Marty Brennaman called his last Reds home game last night, and there goes more of summer's background music. This is how it works in baseball, see. No sport is more wedded, in its porch-swing cadences, to its season and its medium -- the season being summer, and the medium being radio.
And so when a Brennaman sits behind the mike for 46 years as the voice of Cincinnati Reds baseball, a curious alchemy takes hold across the long slow days and lollygagging twilights of summer. After awhile his voice becomes what you hear when you look back on that season of the year, a soft murmur that's barely noticed but indelibly stitched into every summer memory.
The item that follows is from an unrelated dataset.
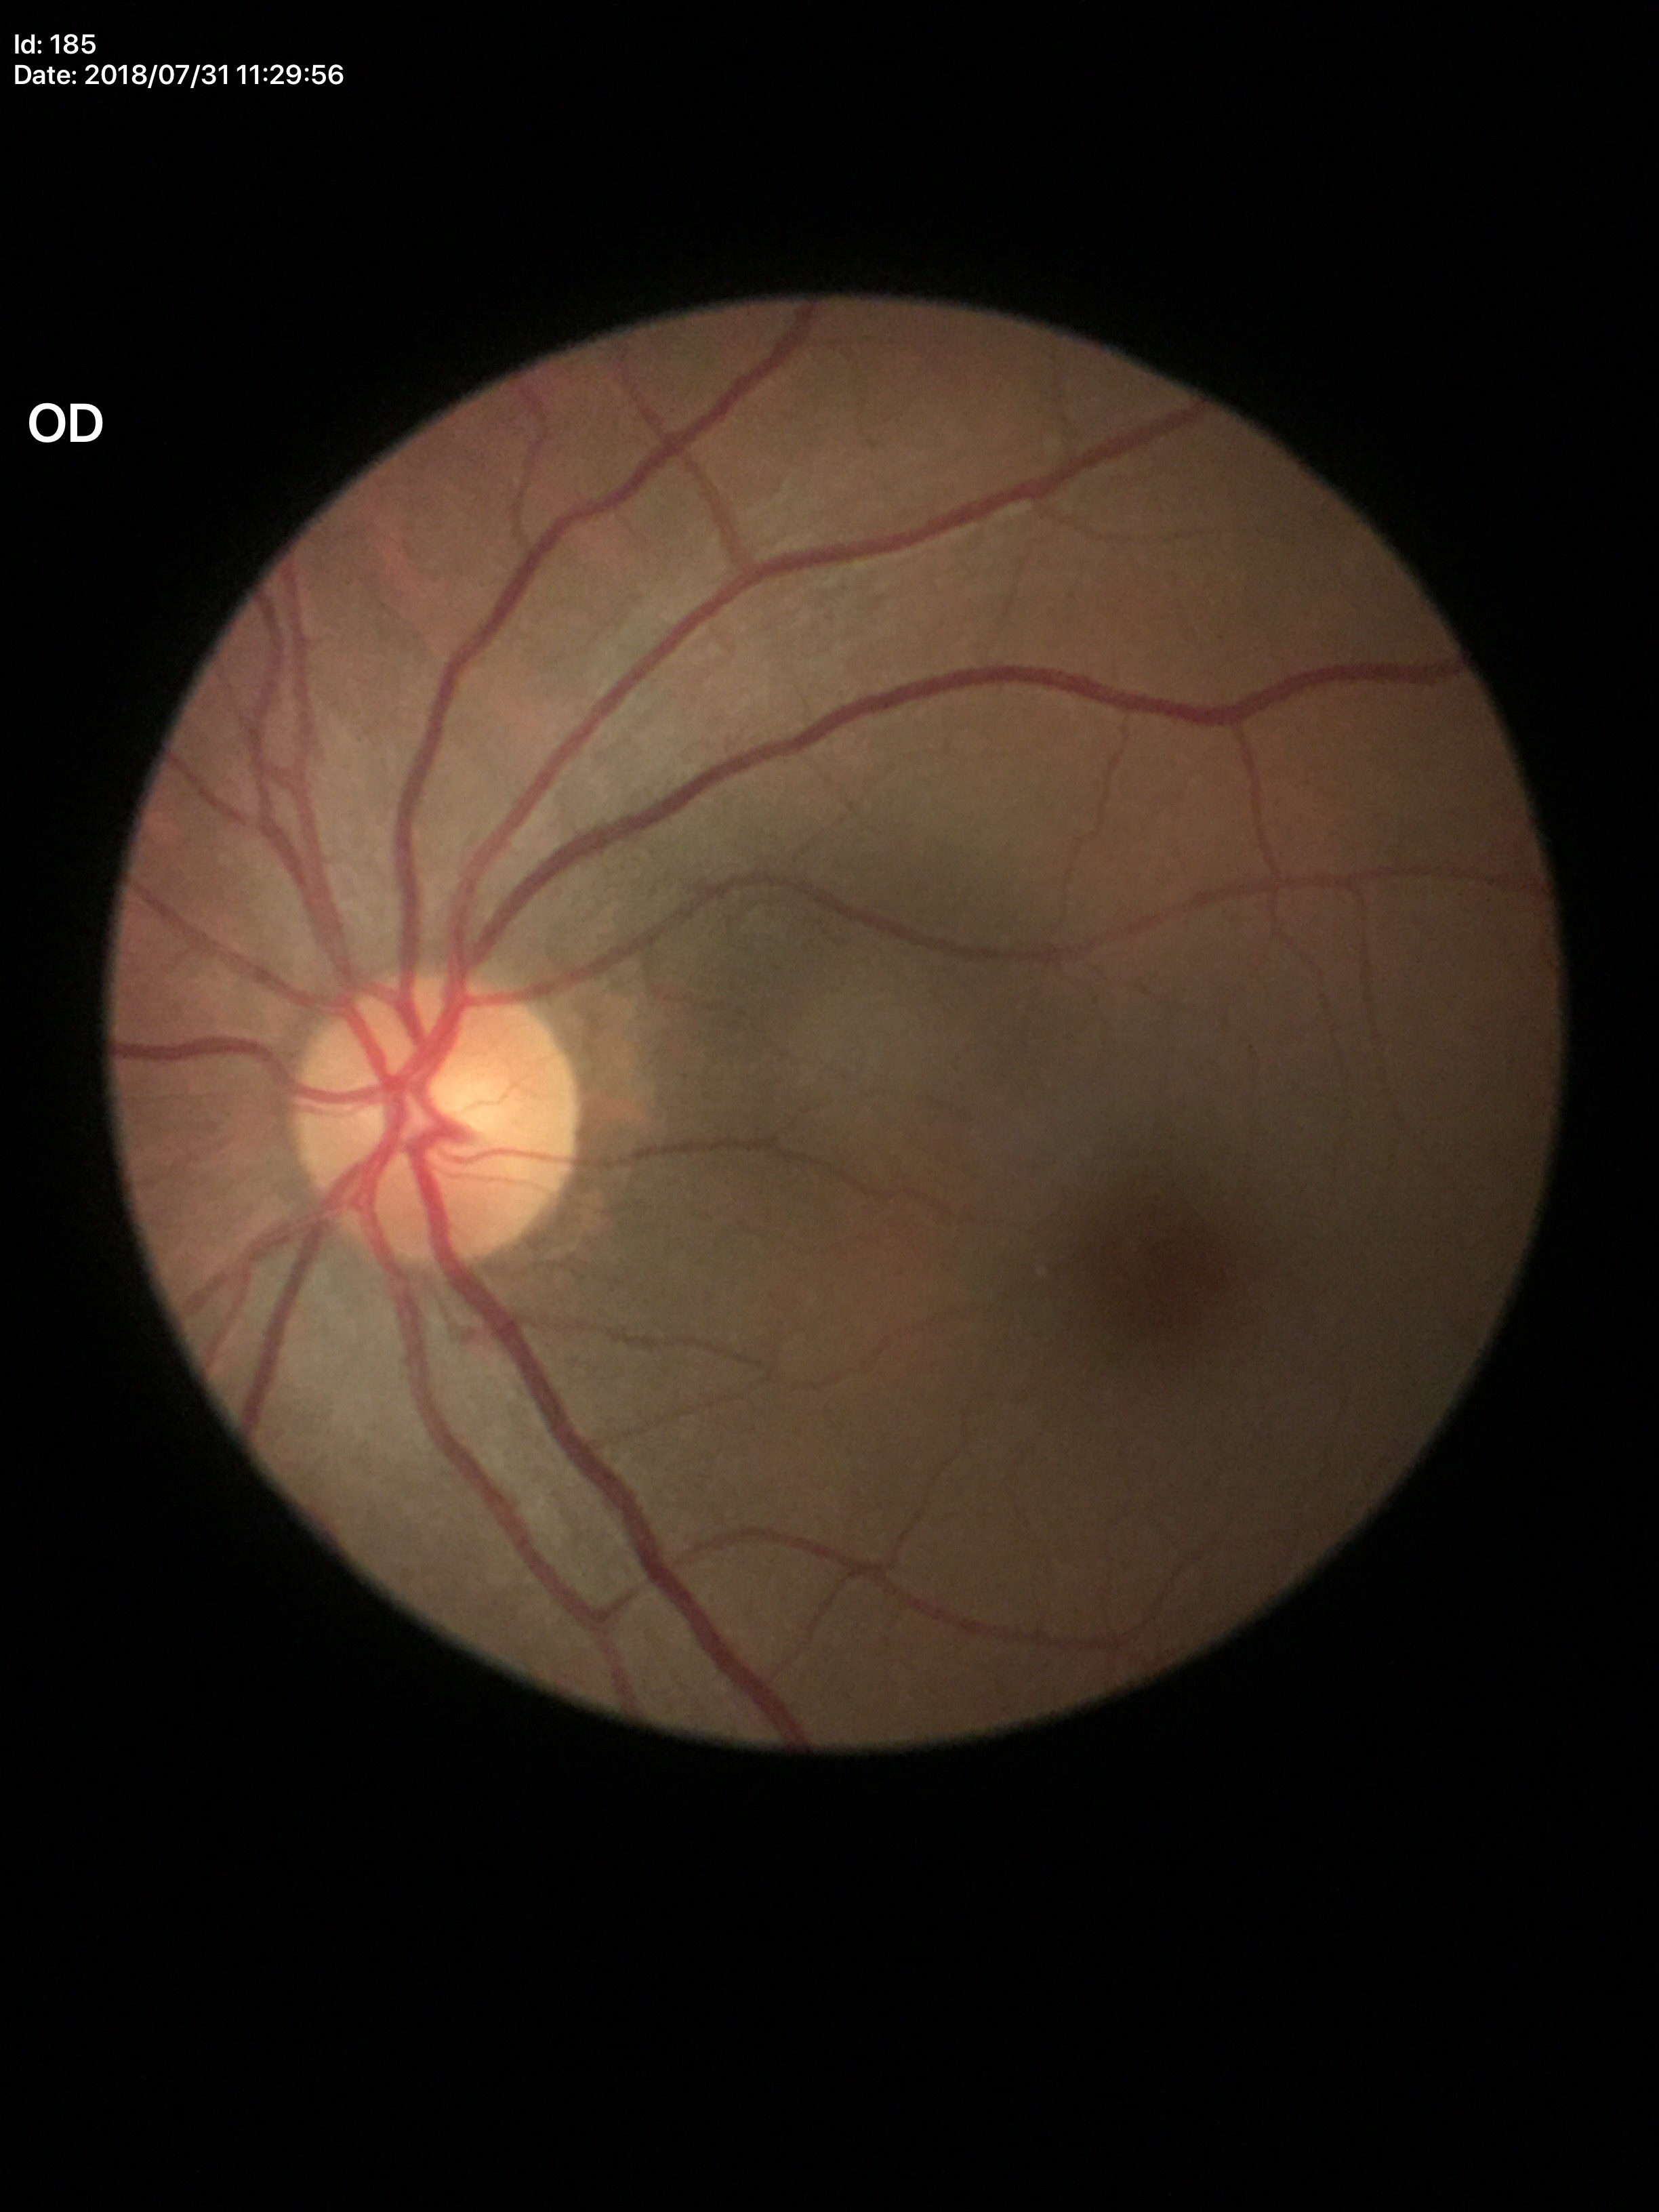
Glaucoma assessment: not suspect; area CDR (ACDR): 0.21; vertical cup-to-disc ratio (VCDR): 0.44

It worked that way with Red Barber and the Yankees and Ernie Harwell and the Tigers and Jack Brickhouse and Harry Caray and the Cubs, and it works that way with Brennaman and the Reds, too. Next season someone else will be calling balls and strikes and telling tales in baseball's long pauses, but something will be off. The Reds will still be the Reds, but it won't seem so, somehow.
Every Reds fan has his favorite Marty Brennaman story, and, even though I am not and never have been a Reds fan, I have one, too. It is an outsider's story, and thus an odd one. But in some way it is its own tribute to the Brennaman canon, its own nod to 46 years of ritual.
Back in my Anderson days, when there was still such a thing as two newspapers even in fair-to-middling cities, the assistant sports editor at our rival paper was a huge Reds fan, as many folks in central Indiana are. Every night he'd lay out the pages or write headlines or craft ledes with Marty Brennaman's voice as his accompaniment. And when Brennaman got to his signature line, "And this one belongs to the Reds!" ...
Well. The sports editor, being an impish sort, would always time it perfectly. He'd wait until juuuust before Brennaman began "And this ...", and then he'd reach over and quickly turn off the radio.
The assistant sports editor was not amused by this, I am told.
Because, yes, ritual is all, in this realm. And now, after 46 years, it is no longer.
Someone has reached over and turned off the radio. For good, this time.